In rounds 19 and 20, Legia faced Naprzód Janów away, losing both games. Naprzód won the first 9:2, scoring three goals in the first period and five in the second. Legia's goals came from Wołkowicz and Patryk Wąsiński. The second game ended 7:3, with Naprzód winning the first two periods 2:1 and the third 3:1. Legia's goals were scored by Karol Szaniawski, Damian Kran, and Karol Wąsiński. Legia hosted league leader Podhale Nowy Targ in the next two rounds. Podhale won the first game 7:1, with Adrian Maciejko scoring Legia's only goal, assisted by Jarosław Grzesik. In the second game, Legia upset Podhale 4:2, marking Podhale's first regulation loss of the season. Goals came from Ilja Weczer, Grzegorz Rostkowski, Karol Wąsiński, and Patryk Wąsiński. This victory propelled Legia to fourth place, securing a play-off spot.

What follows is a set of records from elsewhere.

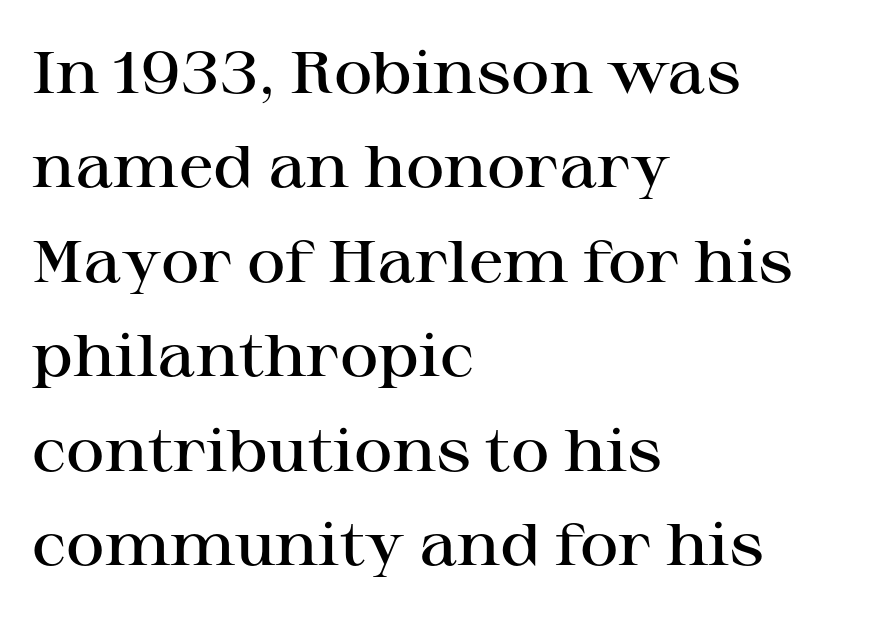
Q: Is the text bold? A: Semi-bold.
Q: Is the text italic (slanted)? A: No, it is upright.
Q: Is the typeface a serif or a sans-serif typeface? A: Serif.
Q: Is the text underlined? A: No.
Q: How is the paragraph aligned? A: Left-aligned.
Q: Is the spacing between letters normal or unusually wide? A: Normal.
Q: Is the spacing between lines tight, normal or loose? A: Normal.
Q: Width (condensed, normal, or wide)? A: Wide.
Q: Stroke contrast? A: High.
Q: x-height? A: Medium.
Q: Monospaced? A: No.

Against second-placed Polonia Bytom, Polonia won the first game 4:3 in overtime. The game was tied 3:3 after regulation, with Legia's goals from Grzegorz Rostkowski, Karol Wąsiński, and Patryk Wąsiński. Filip Stoklasa scored the overtime winner for Polonia. In the second game, Polonia won 7:3 with Legia's goals from Gabriel Połącarz, Patryk Wąsiński, and Ryszard Zdunek. These losses dropped Legia to fifth place, making the final series against SMS Sosnowiec crucial for playoff qualification.

In the final regular-season series, Legia needed a sweep against SMS Sosnowiec to secure a play-off spot. On Saturday, Legia won 4:1 with goals from Jakub Serwiński, Karol Szaniawski, Mateusz Solon, and Rafał Solon. On Sunday, Legia won 3:1 with goals from Serwiński, Szaniawski, and Wołkowicz, clinching a play-off berth.

| Pos. | Team | Games played | Points | Wins | Overtime/Shootout wins | Overtime/Shootout losses | Losses | Goals for | Goals against | Goal differential |
|---|---|---|---|---|---|---|---|---|---|---|
| 1 | Podhale Nowy Targ | 24 | 67 | 22 | 0 | 1 | 1 | 156 | 27 | +129 |
| 2 | TMH Polonia Bytom | 24 | 50 | 15 | 2 | 1 | 6 | 107 | 70 | +37 |
| 3 | Naprzód Janów | 24 | 39 | 11 | 2 | 2 | 9 | 124 | 69 | +55 |
| 4 | Legia Warszawa | 24 | 36 | 11 | 1 | 1 | 11 | 79 | 105 | -26 |
| 5 | Orlik Opole | 24 | 33 | 11 | 0 | 0 | 13 | 66 | 83 | -17 |
| 6 | Hockey Club Gdańsk | 24 | 16 | 5 | 0 | 1 | 18 | 52 | 135 | -83 |
| 7 | SMS PZHL Sosnowiec [pl] | 24 | 11 | 3 | 1 | 0 | 20 | 30 | 125 | -95 |

=== Playoff round ===
After the end of the regular season, Legia Warsaw finished in fourth place in the 1. Liga standings. This position qualified them to participate in the playoff phase, with the winner earning promotion to the Ekstraliga. Their opponent in the semifinals was Podhale Nowy Targ, the winner of the regular season. The series was played in a best-of-three format. The first game was held in Nowy Targ, where Podhale confidently defeated Legia 5–0. In the return match in Warsaw, Podhale again proved stronger, winning the game 3–0. The opponents scored one goal in each period and advanced to the final.